A sex change at 7

Yesterday I was watching a video on CNN that discussed a clinic at the Children’s Hospital in Boston who were offering sex changes to children as young as seven years old. I must admit that my first reaction was shock. A sex change at seven?! That doesn’t even give you time to go through the confusing stage of adolescence.

I must admit, that at seven I had strong opinions about what I wanted: Mac & Cheese for breakfast, lunch and dinner; To be an astronaut when I grow up; A puppy. The funny thing about a lot of what I wanted when I was seven – it all changed. Even though my wife and I are looking to get a golden retriever puppy, I can’t remember the last time I had Mac & Cheese.

Even though I wore my first woman’s clothes at four or five years old, I still could not imagine a child being certain enough to make changes that affect the rest of their life. I think my initial reaction mirrors some of the outcry against the clinic, which basically takes one of two forms.

The first argument is that a sex change is not right under any circumstance. You’re born with the body God gave you and changing sex is against His will. There are many rational, emotional and moral arguments against sex changes at any period in a person’s life. For anyone who is considering a sex change, I think it is important to understand the reasons not to have one. After studying both sides for a few years, I’ve come to the conclusion that having a sex change is not fundamentally wrong, yet it is a decision that must be weighed with all caution and care.

En Femme Style

The second argument, is that a child of seven cannot possibly know that they want a sex change, and letting them take a decision at such a young age is potentially ruining their life. As you can see above, I think there is a lot of merit to this concern.

But what about the reasons for having a sex change at such a young age?

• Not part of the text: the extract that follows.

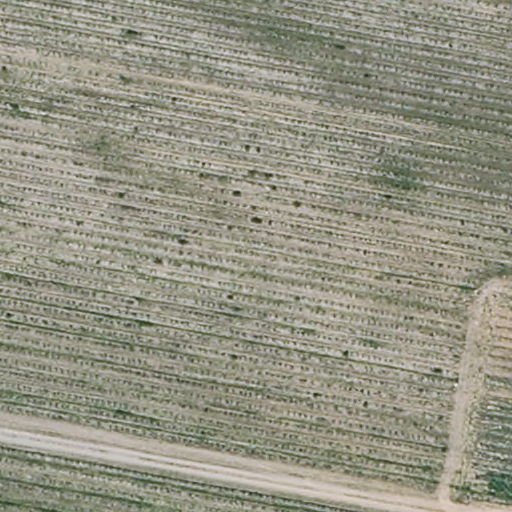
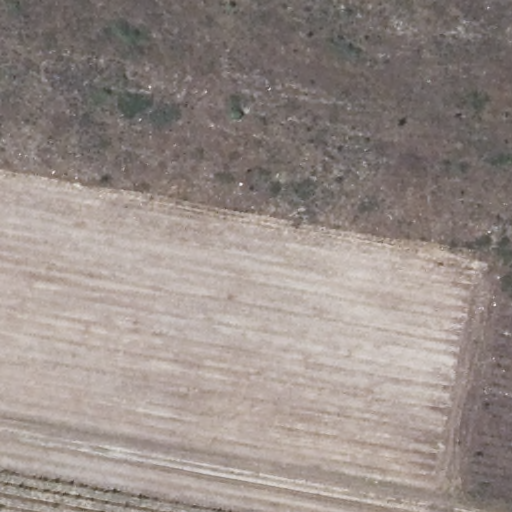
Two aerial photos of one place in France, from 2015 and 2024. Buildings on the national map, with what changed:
[]

The clinic notes that such decisions are not taken lightly, and require deep involvement with the child, parents and psychologists. They say that a sex change will only be carried out if after careful study it is believed to be in the best interests of the child, and all parties are in agreement. This is a good start, and I would be outraged if this level of due diligence wasn’t done.

A compelling reason cited by their clinic and echoed by Helen Boyd in her (very well written) book My Husband Betty is: Most transsexuals exhibit strong gender dysphoria at a young age, a sex change before puberty hits would avoid many of the costly and painful surgeries and behavioral changes transsexuals need to undergo later in life. More importantly, many transsexuals become suicidal in trying to cope with their gender identity, transitioning early could prevent a transsexual from committing suicide.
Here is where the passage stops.